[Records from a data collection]
'''

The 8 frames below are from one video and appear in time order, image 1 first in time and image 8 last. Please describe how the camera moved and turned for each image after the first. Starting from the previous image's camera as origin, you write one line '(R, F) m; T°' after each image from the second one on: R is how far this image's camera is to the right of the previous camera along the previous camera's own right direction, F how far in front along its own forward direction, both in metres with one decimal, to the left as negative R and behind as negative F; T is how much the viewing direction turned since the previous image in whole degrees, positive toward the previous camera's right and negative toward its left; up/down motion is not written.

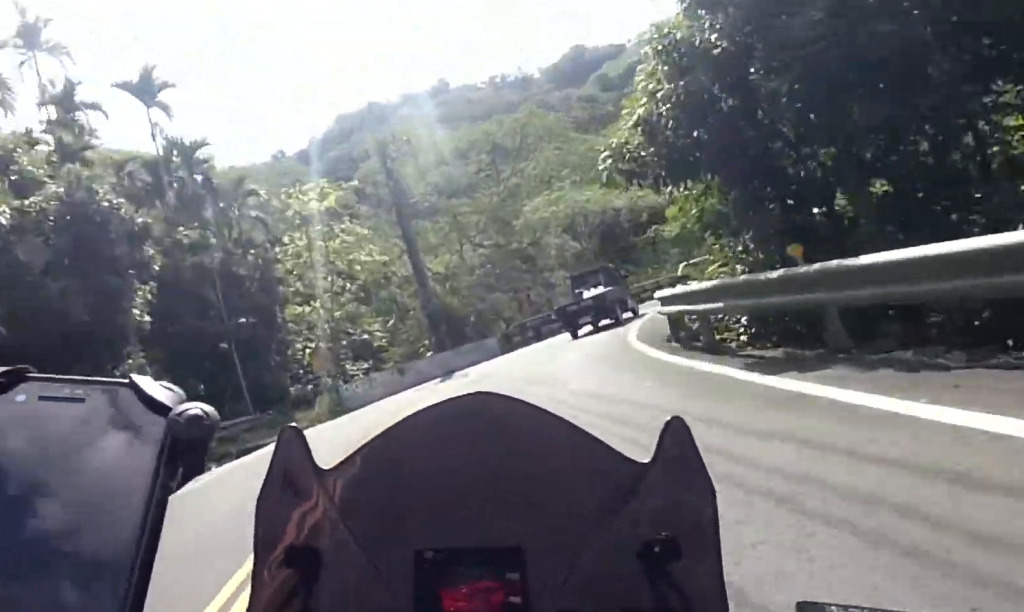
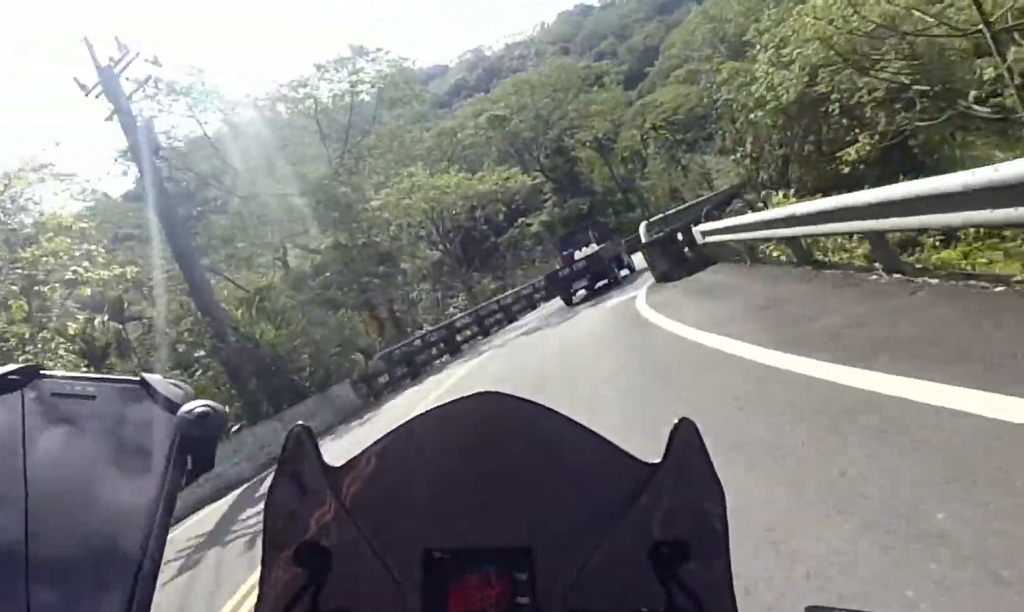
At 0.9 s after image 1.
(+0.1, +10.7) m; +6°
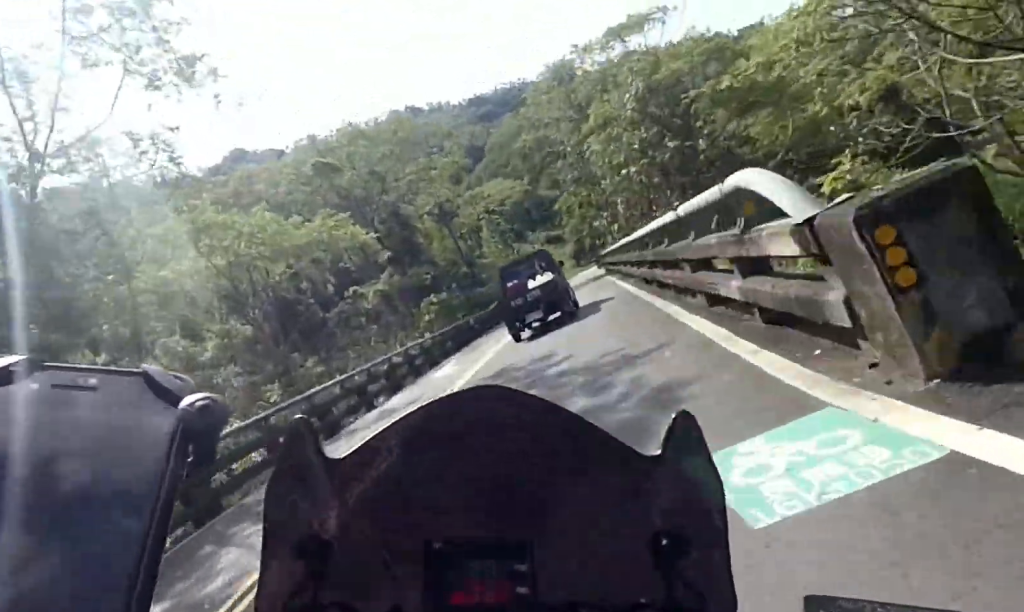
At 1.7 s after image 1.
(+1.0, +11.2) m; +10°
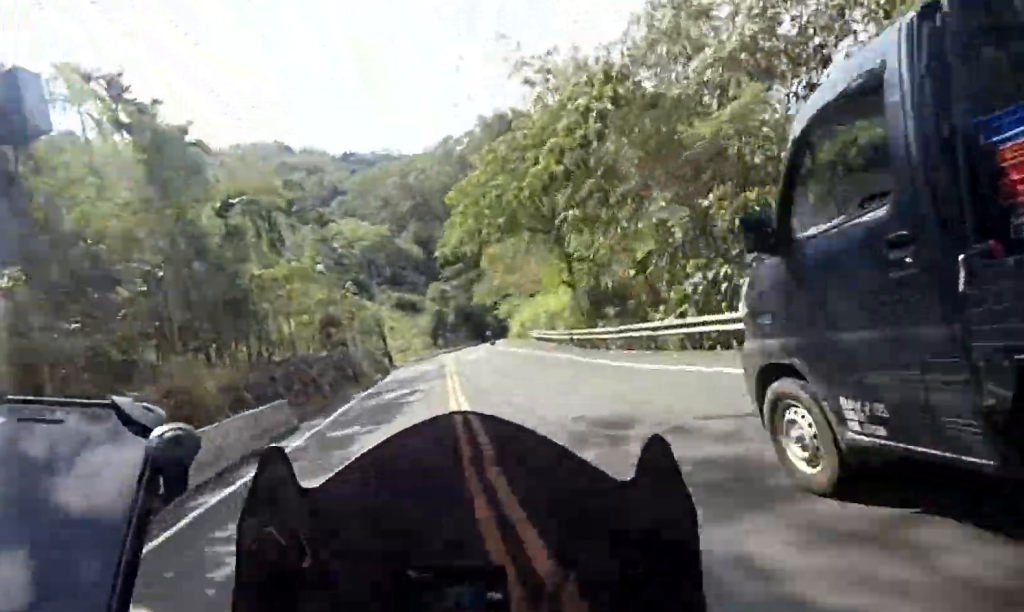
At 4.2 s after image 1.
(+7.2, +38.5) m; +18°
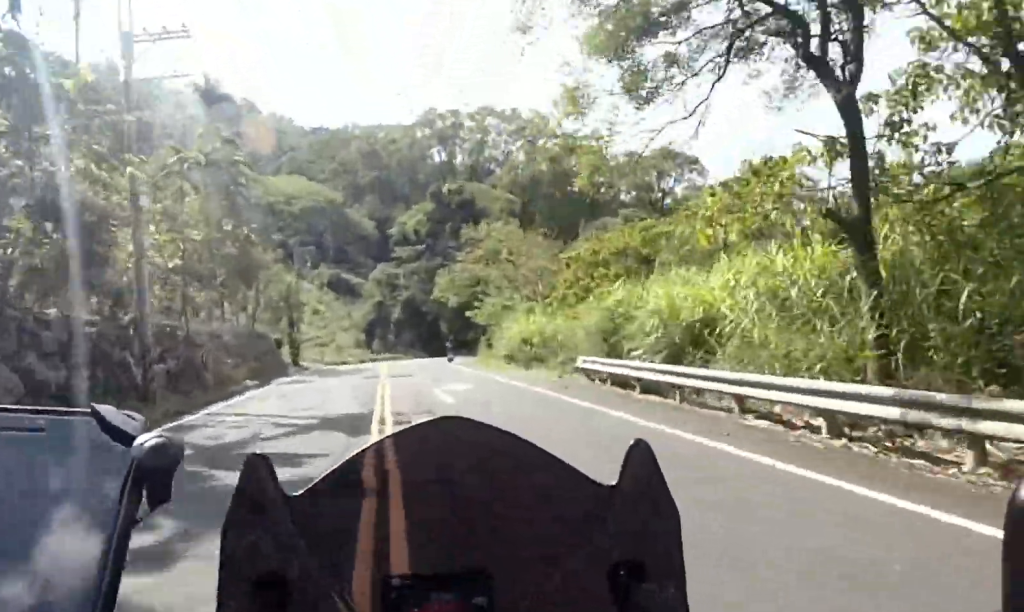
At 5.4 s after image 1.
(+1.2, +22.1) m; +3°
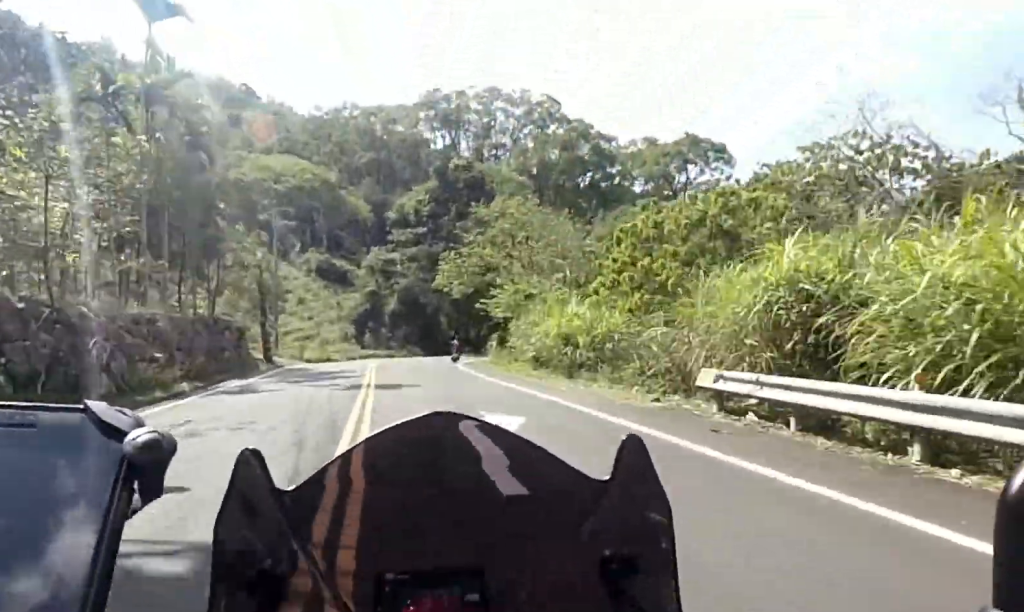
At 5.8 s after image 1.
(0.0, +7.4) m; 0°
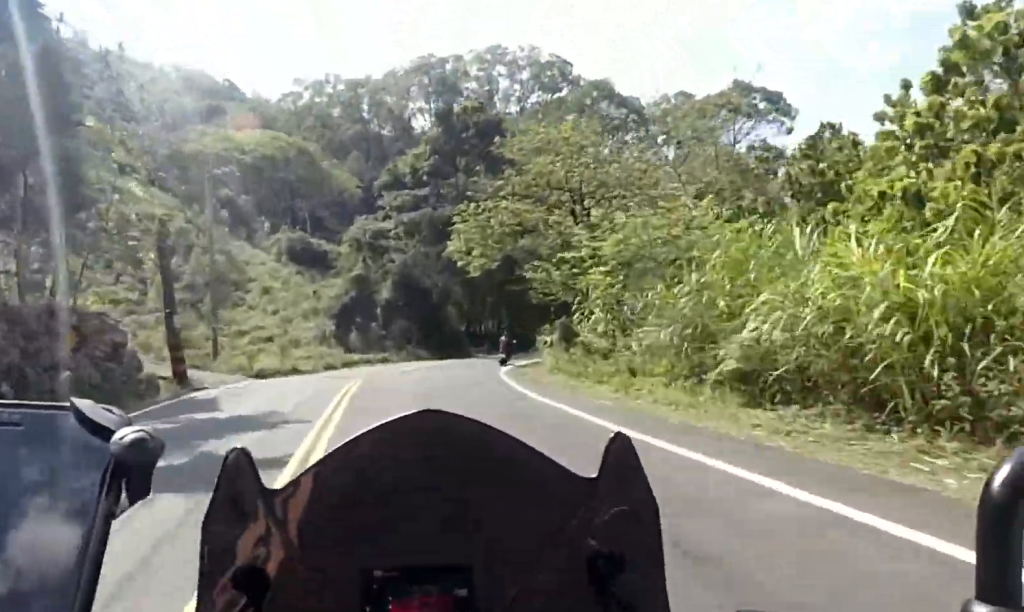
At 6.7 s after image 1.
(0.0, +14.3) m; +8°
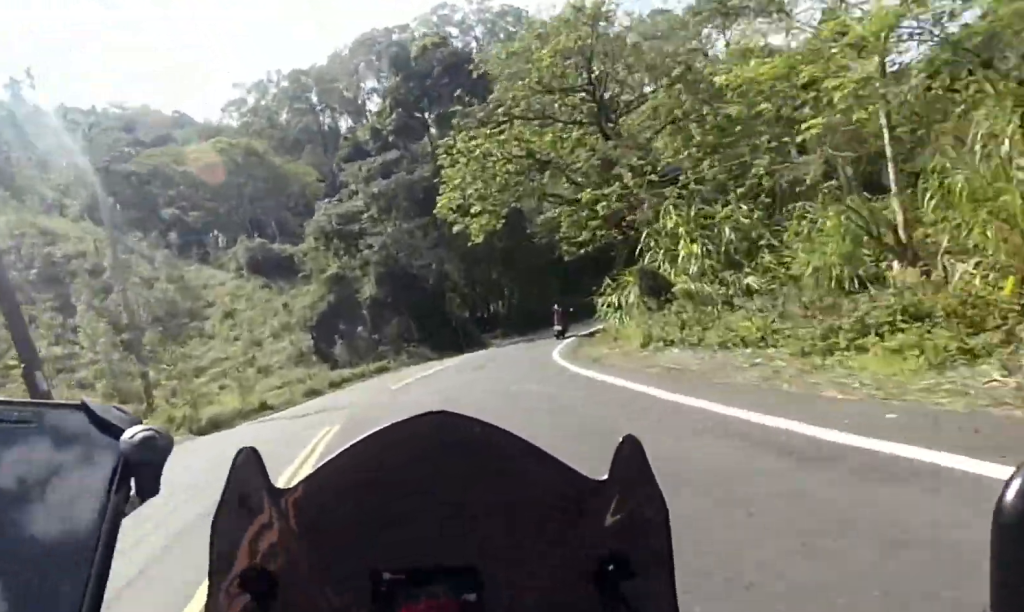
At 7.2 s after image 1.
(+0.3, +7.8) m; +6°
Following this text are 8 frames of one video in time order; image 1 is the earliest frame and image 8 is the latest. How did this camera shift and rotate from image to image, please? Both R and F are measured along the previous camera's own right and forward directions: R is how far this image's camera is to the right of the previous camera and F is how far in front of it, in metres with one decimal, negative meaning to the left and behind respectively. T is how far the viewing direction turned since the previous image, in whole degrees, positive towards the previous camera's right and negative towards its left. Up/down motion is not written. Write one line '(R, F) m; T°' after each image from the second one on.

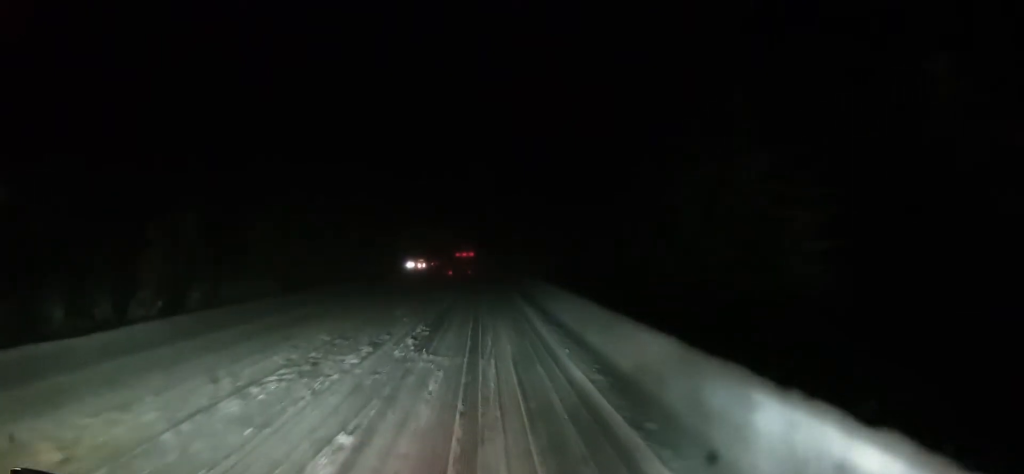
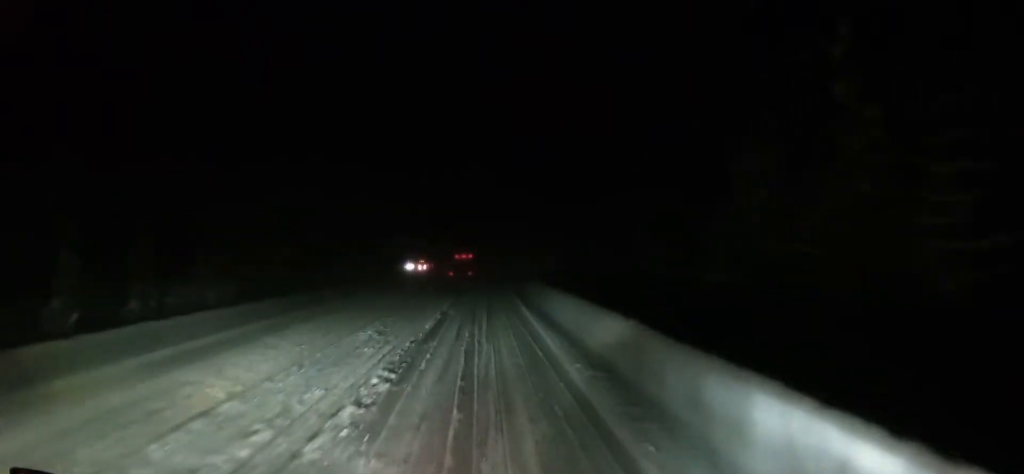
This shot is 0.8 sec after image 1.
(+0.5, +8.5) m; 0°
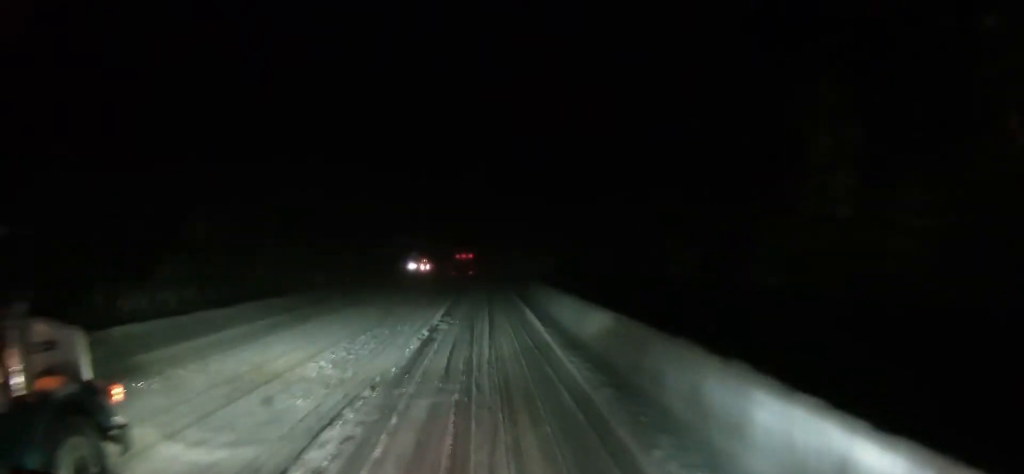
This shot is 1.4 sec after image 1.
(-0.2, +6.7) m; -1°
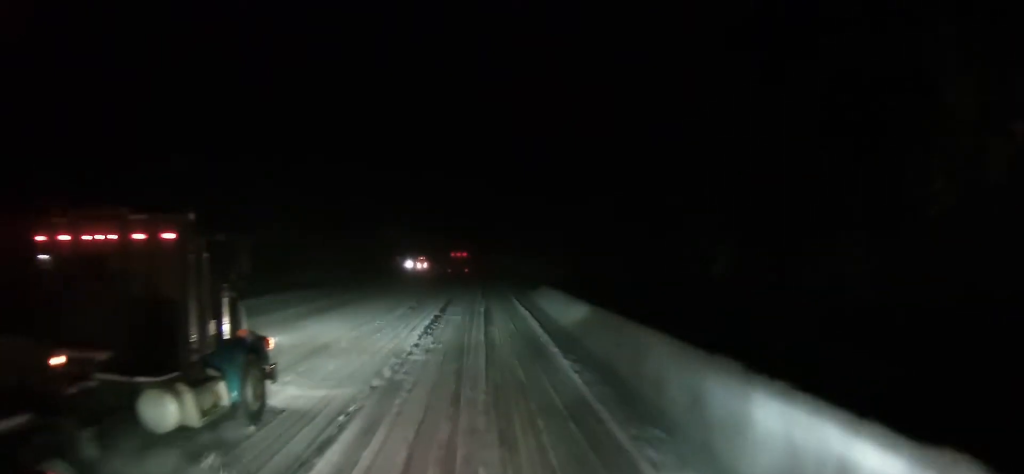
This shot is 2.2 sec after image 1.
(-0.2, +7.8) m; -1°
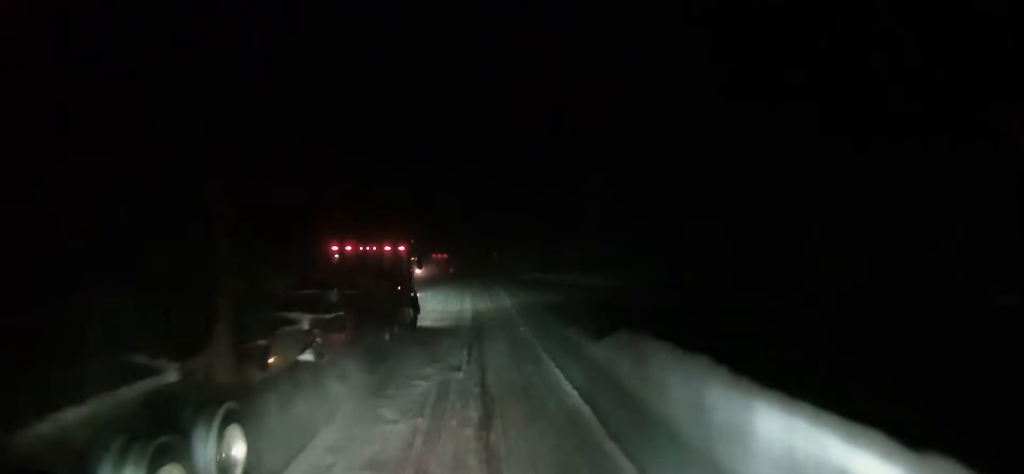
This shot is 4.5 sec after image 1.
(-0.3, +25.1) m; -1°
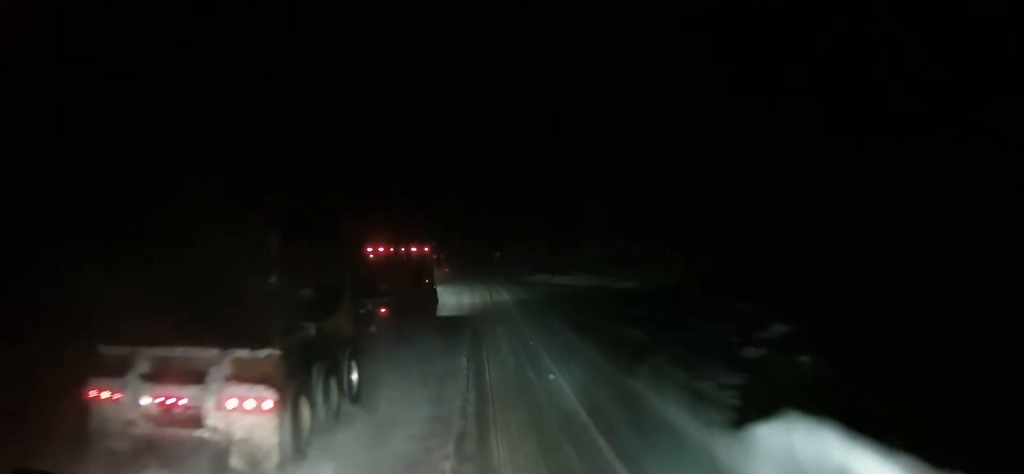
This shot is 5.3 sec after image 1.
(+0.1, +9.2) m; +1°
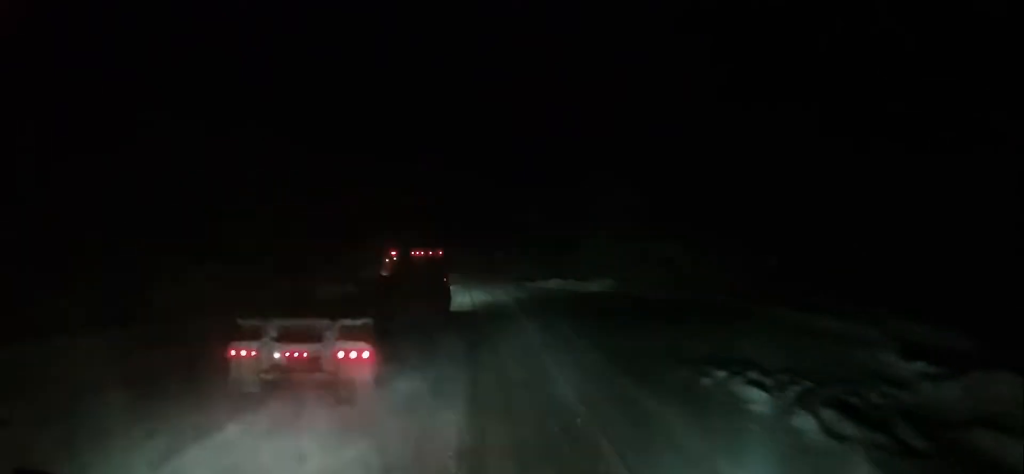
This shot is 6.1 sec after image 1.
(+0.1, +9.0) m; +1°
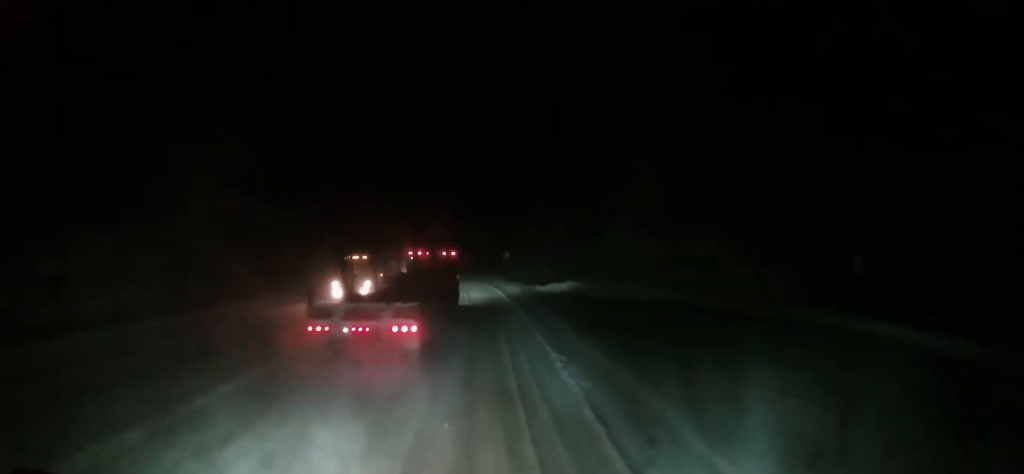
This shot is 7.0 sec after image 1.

'''

**Assignment**
Leave the pictures out and output all of the data verbatim.

**Expected answer**
The 8 frames below are from one video and appear in time order, image 1 first in time and image 8 last. Please describe how the camera moved and turned for each image after the first. Starting from the previous image's camera as origin, you write one line '(R, F) m; T°' after each image from the second one on: R is how far this image's camera is to the right of the previous camera along the previous camera's own right direction, F how far in front along its own forward direction, both in metres with one decimal, to the left as negative R and behind as negative F; T is how much the viewing direction turned since the previous image in whole degrees, positive toward the previous camera's right and negative toward its left; up/down motion is not written.

At 0.9 s after image 1.
(+0.1, +10.7) m; +6°
At 1.7 s after image 1.
(+1.0, +11.2) m; +10°
At 4.2 s after image 1.
(+7.2, +38.5) m; +18°
At 5.4 s after image 1.
(+1.2, +22.1) m; +3°
At 5.8 s after image 1.
(0.0, +7.4) m; 0°
At 6.7 s after image 1.
(0.0, +14.3) m; +8°
At 7.2 s after image 1.
(+0.3, +7.8) m; +6°
Following this text are 8 frames of one video in time order; image 1 is the earliest frame and image 8 is the latest. How did this camera shift and rotate from image to image, please? Both R and F are measured along the previous camera's own right and forward directions: R is how far this image's camera is to the right of the previous camera and F is how far in front of it, in metres with one decimal, negative meaning to the left and behind respectively. T is how far the viewing direction turned since the previous image, in whole degrees, positive towards the previous camera's right and negative towards its left. Up/down motion is not written. Write one line '(R, F) m; T°' after each image from the second one on.

This shot is 0.8 sec after image 1.
(+0.5, +8.5) m; 0°
This shot is 1.4 sec after image 1.
(-0.2, +6.7) m; -1°
This shot is 2.2 sec after image 1.
(-0.2, +7.8) m; -1°
This shot is 4.5 sec after image 1.
(-0.3, +25.1) m; -1°
This shot is 5.3 sec after image 1.
(+0.1, +9.2) m; +1°
This shot is 6.1 sec after image 1.
(+0.1, +9.0) m; +1°
This shot is 7.0 sec after image 1.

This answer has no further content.